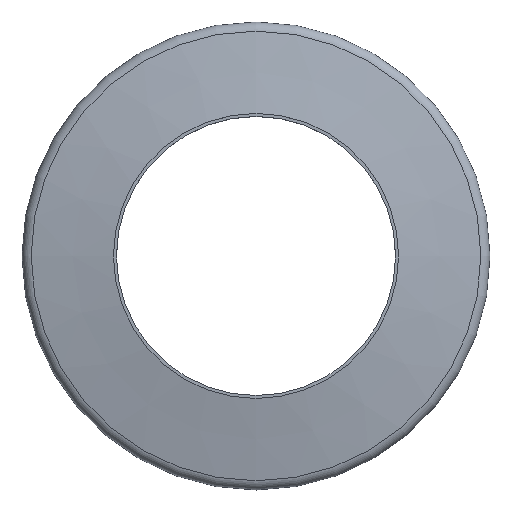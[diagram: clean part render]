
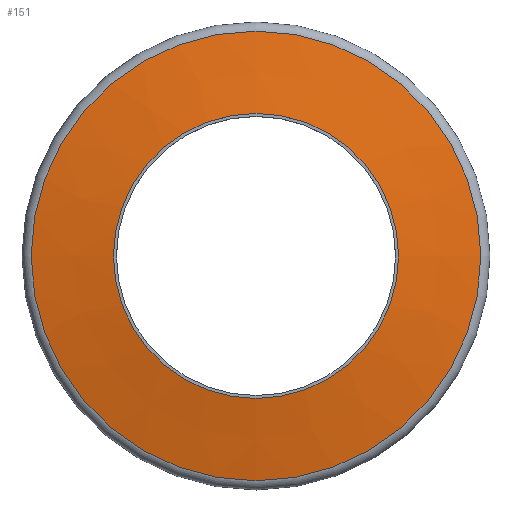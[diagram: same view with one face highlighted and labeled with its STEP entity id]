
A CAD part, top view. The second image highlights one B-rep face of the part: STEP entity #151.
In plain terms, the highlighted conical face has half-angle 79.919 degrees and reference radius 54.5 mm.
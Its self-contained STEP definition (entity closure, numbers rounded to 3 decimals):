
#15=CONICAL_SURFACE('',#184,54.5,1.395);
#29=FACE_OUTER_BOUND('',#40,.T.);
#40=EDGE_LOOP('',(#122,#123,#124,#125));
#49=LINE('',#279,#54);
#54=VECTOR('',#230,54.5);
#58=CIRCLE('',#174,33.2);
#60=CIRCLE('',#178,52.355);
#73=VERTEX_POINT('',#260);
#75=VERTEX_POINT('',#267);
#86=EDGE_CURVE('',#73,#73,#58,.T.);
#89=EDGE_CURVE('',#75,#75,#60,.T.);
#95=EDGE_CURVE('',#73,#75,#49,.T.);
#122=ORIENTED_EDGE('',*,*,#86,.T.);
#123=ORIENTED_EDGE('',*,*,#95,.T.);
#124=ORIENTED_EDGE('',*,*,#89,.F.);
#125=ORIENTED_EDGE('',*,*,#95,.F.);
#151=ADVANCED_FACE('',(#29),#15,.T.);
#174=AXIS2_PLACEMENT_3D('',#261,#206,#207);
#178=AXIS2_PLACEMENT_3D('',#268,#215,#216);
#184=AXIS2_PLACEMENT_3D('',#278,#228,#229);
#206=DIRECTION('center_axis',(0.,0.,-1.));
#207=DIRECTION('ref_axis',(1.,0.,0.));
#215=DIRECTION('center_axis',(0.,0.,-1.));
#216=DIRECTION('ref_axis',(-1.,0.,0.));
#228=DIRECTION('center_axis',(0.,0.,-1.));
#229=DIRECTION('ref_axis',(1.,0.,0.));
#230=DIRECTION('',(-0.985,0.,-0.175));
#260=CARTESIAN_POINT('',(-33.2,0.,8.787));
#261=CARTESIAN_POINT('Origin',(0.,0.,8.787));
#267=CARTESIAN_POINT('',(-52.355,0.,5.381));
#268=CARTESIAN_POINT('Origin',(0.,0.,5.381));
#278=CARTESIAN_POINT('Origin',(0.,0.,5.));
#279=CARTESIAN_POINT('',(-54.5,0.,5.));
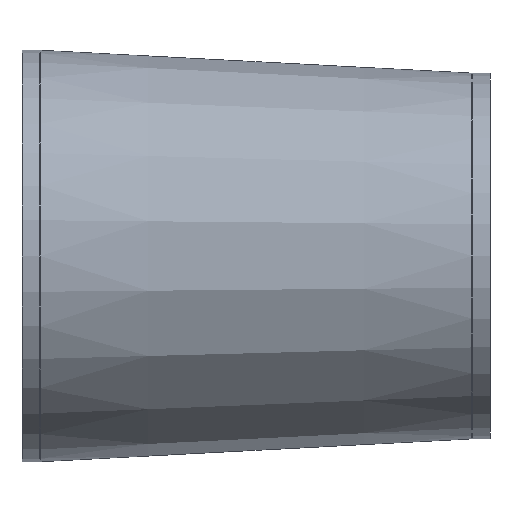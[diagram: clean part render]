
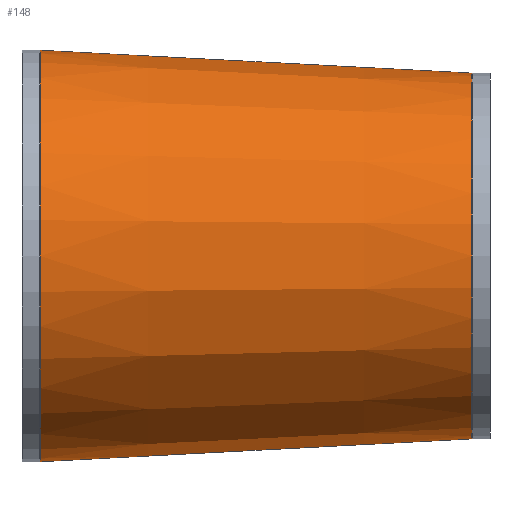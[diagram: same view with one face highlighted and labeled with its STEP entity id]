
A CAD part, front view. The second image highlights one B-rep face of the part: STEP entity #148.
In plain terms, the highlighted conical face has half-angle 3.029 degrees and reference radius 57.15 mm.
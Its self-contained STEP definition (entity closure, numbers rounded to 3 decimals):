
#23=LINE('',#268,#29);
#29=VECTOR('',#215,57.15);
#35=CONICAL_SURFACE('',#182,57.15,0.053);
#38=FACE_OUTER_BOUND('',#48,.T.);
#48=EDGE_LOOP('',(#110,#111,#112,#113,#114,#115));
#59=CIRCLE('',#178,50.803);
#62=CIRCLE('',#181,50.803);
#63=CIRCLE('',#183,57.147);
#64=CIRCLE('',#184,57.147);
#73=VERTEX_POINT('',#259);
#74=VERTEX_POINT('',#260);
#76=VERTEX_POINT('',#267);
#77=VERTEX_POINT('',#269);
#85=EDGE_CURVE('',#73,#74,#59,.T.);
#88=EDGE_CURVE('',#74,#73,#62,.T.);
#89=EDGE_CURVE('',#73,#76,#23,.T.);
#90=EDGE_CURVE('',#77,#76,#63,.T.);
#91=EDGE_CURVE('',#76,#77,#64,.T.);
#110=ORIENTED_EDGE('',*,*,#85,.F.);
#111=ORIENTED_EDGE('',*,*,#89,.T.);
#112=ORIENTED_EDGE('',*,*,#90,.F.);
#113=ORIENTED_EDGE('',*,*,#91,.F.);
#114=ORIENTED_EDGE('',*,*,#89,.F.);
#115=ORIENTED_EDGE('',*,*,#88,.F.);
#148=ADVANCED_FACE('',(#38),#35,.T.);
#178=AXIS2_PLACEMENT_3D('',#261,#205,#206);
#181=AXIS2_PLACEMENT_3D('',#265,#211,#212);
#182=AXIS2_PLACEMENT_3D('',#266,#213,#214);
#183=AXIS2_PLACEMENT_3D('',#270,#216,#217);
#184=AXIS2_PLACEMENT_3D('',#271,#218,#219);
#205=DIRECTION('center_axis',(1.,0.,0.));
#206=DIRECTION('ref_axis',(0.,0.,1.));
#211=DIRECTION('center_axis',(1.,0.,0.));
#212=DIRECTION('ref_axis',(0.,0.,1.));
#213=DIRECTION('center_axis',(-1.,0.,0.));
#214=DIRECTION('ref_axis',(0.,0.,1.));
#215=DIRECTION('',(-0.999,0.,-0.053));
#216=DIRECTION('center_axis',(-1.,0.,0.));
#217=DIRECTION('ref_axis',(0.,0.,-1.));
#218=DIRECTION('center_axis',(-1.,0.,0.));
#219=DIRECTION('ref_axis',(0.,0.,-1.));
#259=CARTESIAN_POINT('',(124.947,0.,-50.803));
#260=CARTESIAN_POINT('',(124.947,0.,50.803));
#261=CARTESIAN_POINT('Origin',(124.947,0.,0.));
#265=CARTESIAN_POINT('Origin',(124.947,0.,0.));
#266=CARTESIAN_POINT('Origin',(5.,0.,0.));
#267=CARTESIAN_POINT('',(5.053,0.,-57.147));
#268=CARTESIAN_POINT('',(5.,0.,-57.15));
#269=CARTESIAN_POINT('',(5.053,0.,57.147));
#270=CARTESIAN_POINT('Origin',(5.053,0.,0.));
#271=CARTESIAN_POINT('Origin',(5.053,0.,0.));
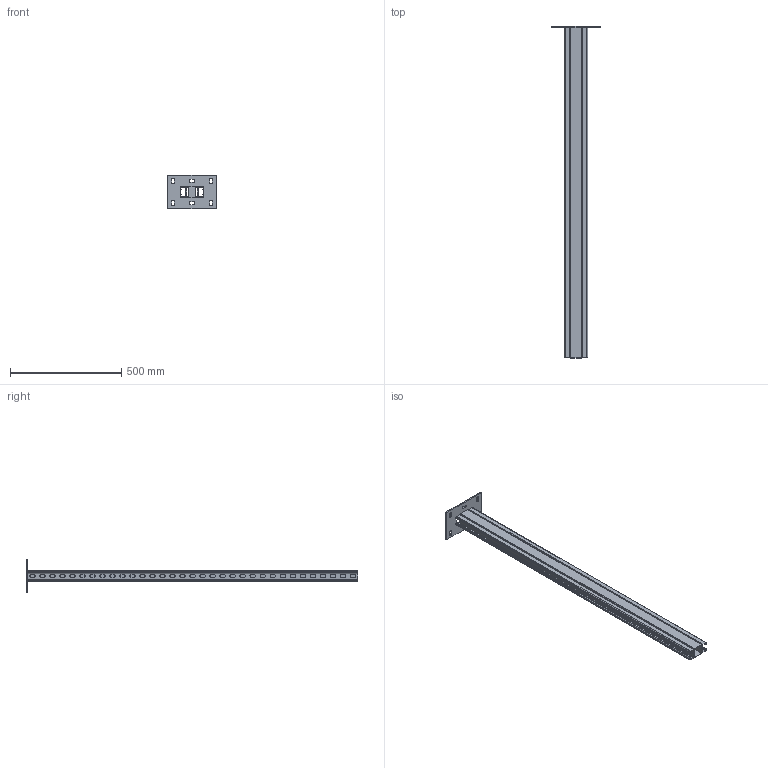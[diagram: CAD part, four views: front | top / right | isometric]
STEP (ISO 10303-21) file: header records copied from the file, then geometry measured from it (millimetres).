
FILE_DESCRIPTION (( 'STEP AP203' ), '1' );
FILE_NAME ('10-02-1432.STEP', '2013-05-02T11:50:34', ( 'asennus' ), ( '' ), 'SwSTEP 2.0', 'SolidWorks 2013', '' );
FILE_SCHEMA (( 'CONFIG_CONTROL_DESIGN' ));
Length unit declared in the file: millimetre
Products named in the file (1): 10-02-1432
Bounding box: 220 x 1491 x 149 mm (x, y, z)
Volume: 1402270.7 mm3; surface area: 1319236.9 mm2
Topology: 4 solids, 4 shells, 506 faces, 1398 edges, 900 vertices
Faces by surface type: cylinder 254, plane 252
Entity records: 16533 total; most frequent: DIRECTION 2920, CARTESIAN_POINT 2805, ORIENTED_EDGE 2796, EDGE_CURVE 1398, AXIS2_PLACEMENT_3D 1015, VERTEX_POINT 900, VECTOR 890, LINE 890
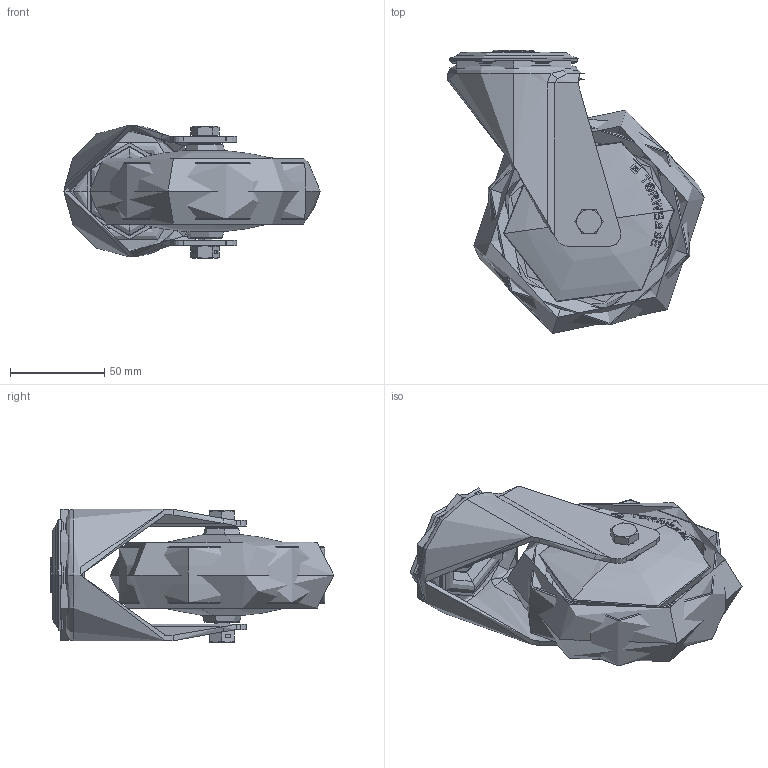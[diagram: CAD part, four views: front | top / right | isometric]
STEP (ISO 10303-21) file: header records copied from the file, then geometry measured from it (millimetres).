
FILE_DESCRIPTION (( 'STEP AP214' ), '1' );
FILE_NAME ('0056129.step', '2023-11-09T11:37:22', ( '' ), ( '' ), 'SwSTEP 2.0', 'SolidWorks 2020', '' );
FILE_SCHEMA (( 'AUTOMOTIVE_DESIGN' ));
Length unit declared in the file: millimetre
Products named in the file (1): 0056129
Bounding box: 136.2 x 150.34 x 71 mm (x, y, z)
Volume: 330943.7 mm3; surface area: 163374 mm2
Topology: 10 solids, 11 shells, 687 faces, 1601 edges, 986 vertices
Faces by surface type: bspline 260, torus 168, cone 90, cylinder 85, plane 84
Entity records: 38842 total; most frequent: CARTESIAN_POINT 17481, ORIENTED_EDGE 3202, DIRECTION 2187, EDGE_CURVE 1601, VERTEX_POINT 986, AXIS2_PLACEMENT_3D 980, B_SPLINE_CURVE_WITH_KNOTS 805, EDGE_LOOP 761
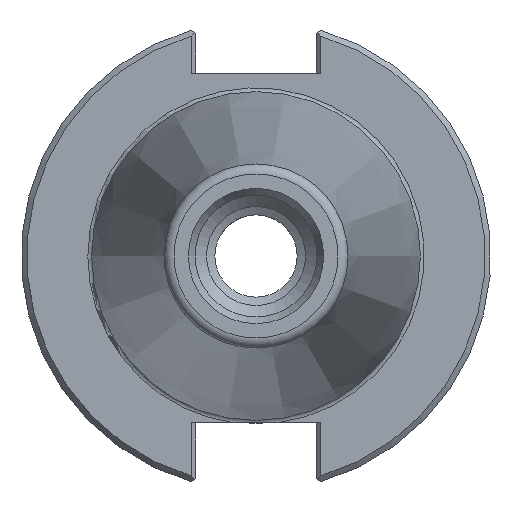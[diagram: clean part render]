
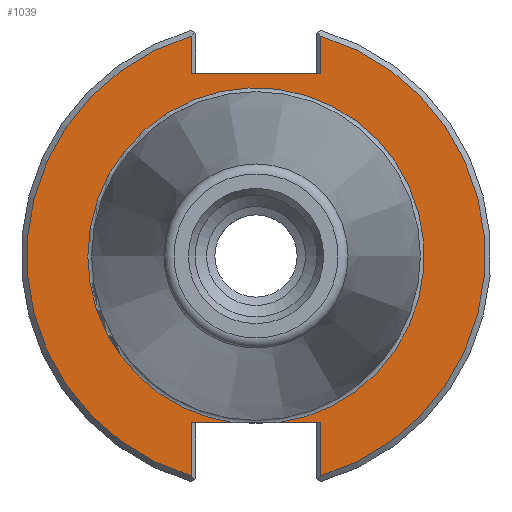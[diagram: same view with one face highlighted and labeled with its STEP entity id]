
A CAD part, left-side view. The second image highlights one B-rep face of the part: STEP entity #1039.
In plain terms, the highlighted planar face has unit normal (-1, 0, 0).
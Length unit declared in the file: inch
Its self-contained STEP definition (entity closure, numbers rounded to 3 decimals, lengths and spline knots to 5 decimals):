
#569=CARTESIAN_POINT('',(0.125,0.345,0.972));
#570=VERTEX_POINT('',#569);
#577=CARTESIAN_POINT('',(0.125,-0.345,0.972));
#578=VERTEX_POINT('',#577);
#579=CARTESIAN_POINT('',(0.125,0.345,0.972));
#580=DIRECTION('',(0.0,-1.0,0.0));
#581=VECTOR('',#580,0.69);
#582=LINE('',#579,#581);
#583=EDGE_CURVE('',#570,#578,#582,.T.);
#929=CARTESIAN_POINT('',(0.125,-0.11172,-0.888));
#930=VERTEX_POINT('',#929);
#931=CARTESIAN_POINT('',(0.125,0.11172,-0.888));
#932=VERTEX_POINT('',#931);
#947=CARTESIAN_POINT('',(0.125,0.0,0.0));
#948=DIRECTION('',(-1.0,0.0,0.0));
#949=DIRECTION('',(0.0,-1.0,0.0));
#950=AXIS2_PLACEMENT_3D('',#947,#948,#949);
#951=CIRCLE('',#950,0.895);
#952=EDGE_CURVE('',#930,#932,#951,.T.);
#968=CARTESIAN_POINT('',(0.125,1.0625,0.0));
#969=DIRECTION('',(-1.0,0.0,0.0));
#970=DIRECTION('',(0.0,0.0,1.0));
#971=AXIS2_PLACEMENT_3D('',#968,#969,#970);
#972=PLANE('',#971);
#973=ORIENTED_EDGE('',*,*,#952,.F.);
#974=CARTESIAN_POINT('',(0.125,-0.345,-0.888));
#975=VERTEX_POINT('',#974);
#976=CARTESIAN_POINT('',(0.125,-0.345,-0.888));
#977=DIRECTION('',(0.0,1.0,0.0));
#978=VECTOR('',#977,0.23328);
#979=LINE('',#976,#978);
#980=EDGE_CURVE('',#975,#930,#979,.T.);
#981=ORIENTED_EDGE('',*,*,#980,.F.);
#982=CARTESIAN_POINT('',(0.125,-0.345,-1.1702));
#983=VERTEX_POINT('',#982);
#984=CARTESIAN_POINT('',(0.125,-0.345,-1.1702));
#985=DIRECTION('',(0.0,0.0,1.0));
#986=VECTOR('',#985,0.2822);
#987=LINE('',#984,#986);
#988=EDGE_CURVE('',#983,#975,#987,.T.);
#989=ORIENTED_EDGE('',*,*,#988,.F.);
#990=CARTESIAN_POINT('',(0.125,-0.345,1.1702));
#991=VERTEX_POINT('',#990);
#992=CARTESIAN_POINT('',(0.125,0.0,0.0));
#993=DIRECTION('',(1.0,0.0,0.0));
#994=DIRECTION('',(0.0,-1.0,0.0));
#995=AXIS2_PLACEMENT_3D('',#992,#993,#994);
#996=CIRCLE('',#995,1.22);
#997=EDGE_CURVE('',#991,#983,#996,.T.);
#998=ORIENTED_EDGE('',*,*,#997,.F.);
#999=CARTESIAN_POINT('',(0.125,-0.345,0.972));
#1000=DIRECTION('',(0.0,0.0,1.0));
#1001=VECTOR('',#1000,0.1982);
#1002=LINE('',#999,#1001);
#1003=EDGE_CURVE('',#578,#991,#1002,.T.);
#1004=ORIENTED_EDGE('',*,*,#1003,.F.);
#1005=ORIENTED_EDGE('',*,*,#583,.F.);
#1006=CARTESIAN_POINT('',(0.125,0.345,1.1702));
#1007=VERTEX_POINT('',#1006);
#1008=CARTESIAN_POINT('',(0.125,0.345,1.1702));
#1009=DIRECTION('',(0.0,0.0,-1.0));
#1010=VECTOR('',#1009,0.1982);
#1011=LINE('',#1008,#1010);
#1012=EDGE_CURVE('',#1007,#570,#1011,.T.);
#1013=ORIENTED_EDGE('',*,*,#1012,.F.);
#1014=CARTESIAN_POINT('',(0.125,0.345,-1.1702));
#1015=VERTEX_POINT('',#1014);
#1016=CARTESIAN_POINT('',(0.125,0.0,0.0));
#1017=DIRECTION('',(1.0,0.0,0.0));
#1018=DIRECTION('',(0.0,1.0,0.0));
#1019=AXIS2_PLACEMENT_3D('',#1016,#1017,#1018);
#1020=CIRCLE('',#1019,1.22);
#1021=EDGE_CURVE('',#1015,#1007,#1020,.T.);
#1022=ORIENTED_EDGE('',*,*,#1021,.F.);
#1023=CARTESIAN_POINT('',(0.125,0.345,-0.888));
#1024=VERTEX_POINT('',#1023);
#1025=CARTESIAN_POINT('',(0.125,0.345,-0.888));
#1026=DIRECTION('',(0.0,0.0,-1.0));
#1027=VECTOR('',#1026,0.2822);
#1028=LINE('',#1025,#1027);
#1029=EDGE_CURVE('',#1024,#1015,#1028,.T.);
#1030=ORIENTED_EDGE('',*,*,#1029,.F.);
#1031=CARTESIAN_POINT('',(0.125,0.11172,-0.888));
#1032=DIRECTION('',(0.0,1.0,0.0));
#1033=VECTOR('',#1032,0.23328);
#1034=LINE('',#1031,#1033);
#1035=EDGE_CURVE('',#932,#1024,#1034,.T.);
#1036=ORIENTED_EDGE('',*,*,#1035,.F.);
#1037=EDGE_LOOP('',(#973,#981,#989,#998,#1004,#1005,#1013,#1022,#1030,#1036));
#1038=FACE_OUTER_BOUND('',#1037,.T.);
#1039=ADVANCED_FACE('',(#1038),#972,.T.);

Task brief:
Leaving out all pictures, set down exactly the lines of the material above, from the line with "#216=DIRECTION('ref_axis',(-1.,0.,0.));" to the line with "A CAD part, front" inclusive, and no others.

Answer area:
#216=DIRECTION('ref_axis',(-1.,0.,0.));
#228=DIRECTION('center_axis',(0.,0.,-1.));
#229=DIRECTION('ref_axis',(1.,0.,0.));
#230=DIRECTION('',(-0.985,0.,-0.175));
#260=CARTESIAN_POINT('',(-33.2,0.,8.787));
#261=CARTESIAN_POINT('Origin',(0.,0.,8.787));
#267=CARTESIAN_POINT('',(-52.355,0.,5.381));
#268=CARTESIAN_POINT('Origin',(0.,0.,5.381));
#278=CARTESIAN_POINT('Origin',(0.,0.,5.));
#279=CARTESIAN_POINT('',(-54.5,0.,5.));
[diagram: clean part render]
[diagram: same view with one face highlighted and labeled with its STEP entity id]
A CAD part, front view. The second image highlights one B-rep face of the part: STEP entity #148.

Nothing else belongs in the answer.